*** Opening Data extracts ***

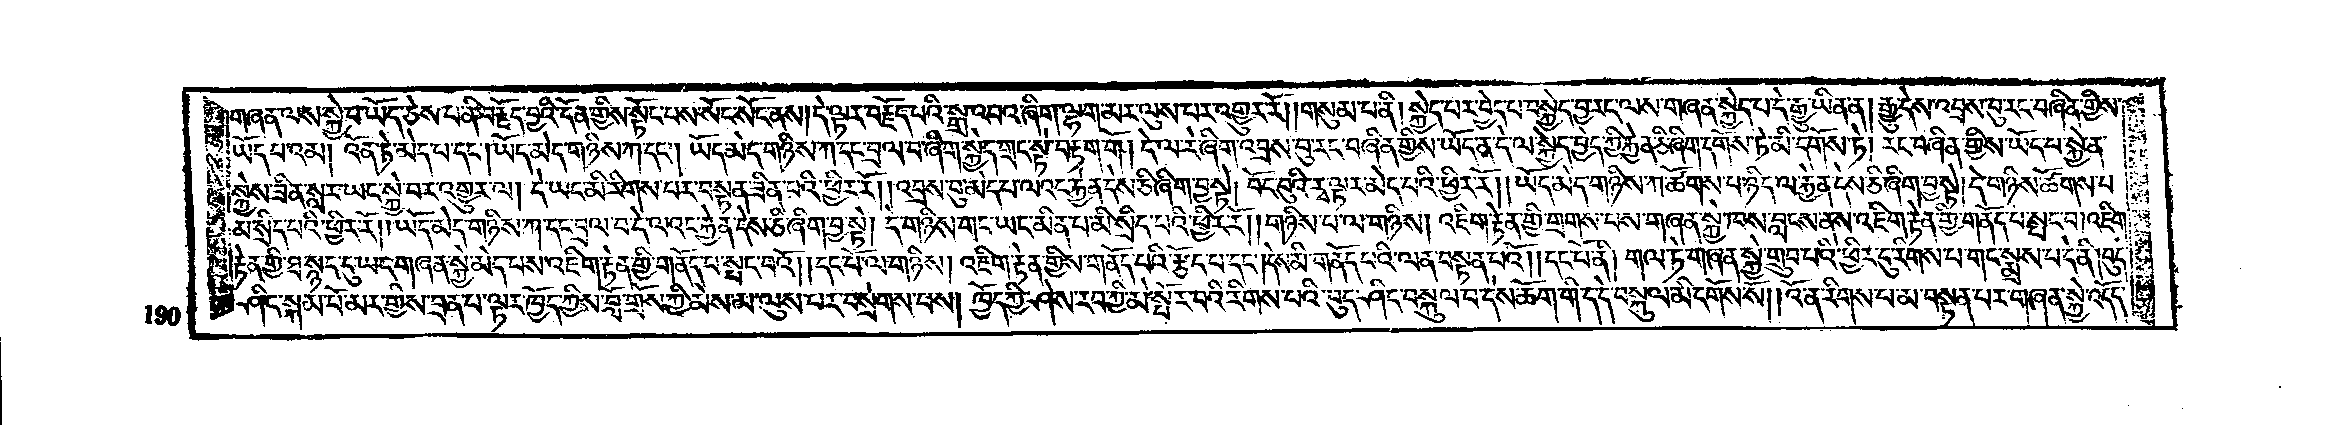གཞན་ལས་སྐྱེ་བ་ཡོད་ཅེས་པ་ནི་བརྗོད་བྱའི་དོན་གྱིས་སྟོང་པས་སོང་སོང་ནས། དེ་ལྟར་བརྗོད་པའི་སྒྲ་འབའ་ཞིག་ལྷག་མར་ལུས་པར་འགྱུར་རོ། །གསུམ་པ་ནི། སྐྱེད་པར་བྱེད་པ་བསྐྱེད་བྱ་རང་ལས་གཞན་སྐྱེད་པ་དེ་རྒྱུ་ཡིན་ན། རྒྱུ་དེས་འབྲས་བུ་རང་བཞིན་གྱིས་
ཡོད་པའམ། འོན་ཏེ་མེད་པ་དང་། ཡོད་མེད་གཉིས་ཀ་དང་། ཡོད་མེད་གཉིས་ཀ་དང་བྲལ་བ་ཞིག་སྐྱེད་གྲང་སྟེ་བརྟག་གོ །དེ་ལ་རེ་ཞིག་འབྲས་བུ་རང་བཞིན་གྱིས་ཡོད་ན་དེ་ལ་སྐྱེད་བྱེད་ཀྱི་རྐྱེན་ཅི་ཞིག་དགོས་ཏེ་མི་དགོས་ཏེ། རང་བཞིན་གྱིས་ཡོད་པ་སྐྱེ་ན་
སྐྱེས་ཟིན་སླར་ཡང་སྐྱེ་བར་འགྱུར་ལ། དེ་ཡང་མི་རིགས་པར་བསྟན་ཟིན་པའི་ཕྱིར་རོ། །འབྲས་བུ་མེད་པ་ལའང་རྐྱེན་དེས་ཅི་ཞིག་བྱ་སྟེ། བོང་བུའི་རྭ་ལྟར་མེད་པའི་ཕྱིར་རོ། །ཡོད་མེད་གཉིས་ཀ་ཚོགས་པ་ཉིད་ལ་རྐྱེན་དེས་ཅི་ཞིག་བྱ་སྟེ། དེ་གཉིས་ཚོགས་པ་
མི་སྲིད་པའི་ཕྱིར་རོ། །ཡོད་མེད་གཉིས་ཀ་དང་བྲལ་བ་དེ་ལའང་རྐྱེན་དེས་ཅི་ཞིག་བྱ་སྟེ། དེ་གཉིས་གང་ཡང་མིན་པ་མི་སྲིད་པའི་ཕྱིར་རོ། །གཉིས་པ་ལ་གཉིས། འཇིག་རྟེན་གྱི་གྲགས་པས་གཞན་སྐྱེ་ཁས་བླངས་ནས་འཇིག་རྟེན་གྱི་གནོད་པ་སྤང་བ། འཇིག་
རྟེན་གྱི་ཐ་སྙད་དུ་ཡང་གཞན་སྐྱེ་མེད་པས་འཇིག་རྟེན་གྱི་གནོད་པ་སྤང་བའོ། །དང་པོ་ལ་གཉིས། འཇིག་རྟེན་གྱིས་གནོད་པའི་རྩོད་པ་དང་། དེས་མི་གནོད་པའི་ལན་བསྟན་པའོ། །དང་པོ་ནི། གལ་ཏེ་གཞན་སྐྱེ་གྲུབ་པའི་ཕྱིར་དུ་རིགས་པ་གང་སྨྲས་པ་དེ་ནི། བུད་
ཤིང་སྐམ་པོ་མར་གྱིས་བྲན་པ་ལྟར་ཁྱོད་ཀྱིས་བློ་གྲོས་ཀྱི་མེས་མ་ལུས་པར་བསྲེགས་པས། ཁྱོད་ཀྱི་ཤེས་རབ་ཀྱི་མེ་སྦོར་བའི་རིགས་པའི་བུད་ཤིང་བསྐུལ་བ་དེས་ཆོག་གི་ད་དེ་བསྐུལ་མི་དགོས་སོ། །འོ་ན་རིགས་པ་མ་བསྟན་པར་གཞན་སྐྱེ་འདོད་

*** Closing Data extracts ***

Problem to solve
All of the material should be written out again exactly, apart from the pictures.

Response for this exercise
གཞན་ལས་སྐྱེ་བ་ཡོད་ཅེས་པ་ནི་བརྗོད་བྱའི་དོན་གྱིས་སྟོང་པས་སོང་སོང་ནས། དེ་ལྟར་བརྗོད་པའི་སྒྲ་འབའ་ཞིག་ལྷག་མར་ལུས་པར་འགྱུར་རོ། །གསུམ་པ་ནི། སྐྱེད་པར་བྱེད་པ་བསྐྱེད་བྱ་རང་ལས་གཞན་སྐྱེད་པ་དེ་རྒྱུ་ཡིན་ན། རྒྱུ་དེས་འབྲས་བུ་རང་བཞིན་གྱིས་
ཡོད་པའམ། འོན་ཏེ་མེད་པ་དང་། ཡོད་མེད་གཉིས་ཀ་དང་། ཡོད་མེད་གཉིས་ཀ་དང་བྲལ་བ་ཞིག་སྐྱེད་གྲང་སྟེ་བརྟག་གོ །དེ་ལ་རེ་ཞིག་འབྲས་བུ་རང་བཞིན་གྱིས་ཡོད་ན་དེ་ལ་སྐྱེད་བྱེད་ཀྱི་རྐྱེན་ཅི་ཞིག་དགོས་ཏེ་མི་དགོས་ཏེ། རང་བཞིན་གྱིས་ཡོད་པ་སྐྱེ་ན་
སྐྱེས་ཟིན་སླར་ཡང་སྐྱེ་བར་འགྱུར་ལ། དེ་ཡང་མི་རིགས་པར་བསྟན་ཟིན་པའི་ཕྱིར་རོ། །འབྲས་བུ་མེད་པ་ལའང་རྐྱེན་དེས་ཅི་ཞིག་བྱ་སྟེ། བོང་བུའི་རྭ་ལྟར་མེད་པའི་ཕྱིར་རོ། །ཡོད་མེད་གཉིས་ཀ་ཚོགས་པ་ཉིད་ལ་རྐྱེན་དེས་ཅི་ཞིག་བྱ་སྟེ། དེ་གཉིས་ཚོགས་པ་
མི་སྲིད་པའི་ཕྱིར་རོ། །ཡོད་མེད་གཉིས་ཀ་དང་བྲལ་བ་དེ་ལའང་རྐྱེན་དེས་ཅི་ཞིག་བྱ་སྟེ། དེ་གཉིས་གང་ཡང་མིན་པ་མི་སྲིད་པའི་ཕྱིར་རོ། །གཉིས་པ་ལ་གཉིས། འཇིག་རྟེན་གྱི་གྲགས་པས་གཞན་སྐྱེ་ཁས་བླངས་ནས་འཇིག་རྟེན་གྱི་གནོད་པ་སྤང་བ། འཇིག་
རྟེན་གྱི་ཐ་སྙད་དུ་ཡང་གཞན་སྐྱེ་མེད་པས་འཇིག་རྟེན་གྱི་གནོད་པ་སྤང་བའོ། །དང་པོ་ལ་གཉིས། འཇིག་རྟེན་གྱིས་གནོད་པའི་རྩོད་པ་དང་། དེས་མི་གནོད་པའི་ལན་བསྟན་པའོ། །དང་པོ་ནི། གལ་ཏེ་གཞན་སྐྱེ་གྲུབ་པའི་ཕྱིར་དུ་རིགས་པ་གང་སྨྲས་པ་དེ་ནི། བུད་
ཤིང་སྐམ་པོ་མར་གྱིས་བྲན་པ་ལྟར་ཁྱོད་ཀྱིས་བློ་གྲོས་ཀྱི་མེས་མ་ལུས་པར་བསྲེགས་པས། ཁྱོད་ཀྱི་ཤེས་རབ་ཀྱི་མེ་སྦོར་བའི་རིགས་པའི་བུད་ཤིང་བསྐུལ་བ་དེས་ཆོག་གི་ད་དེ་བསྐུལ་མི་དགོས་སོ། །འོ་ན་རིགས་པ་མ་བསྟན་པར་གཞན་སྐྱེ་འདོད་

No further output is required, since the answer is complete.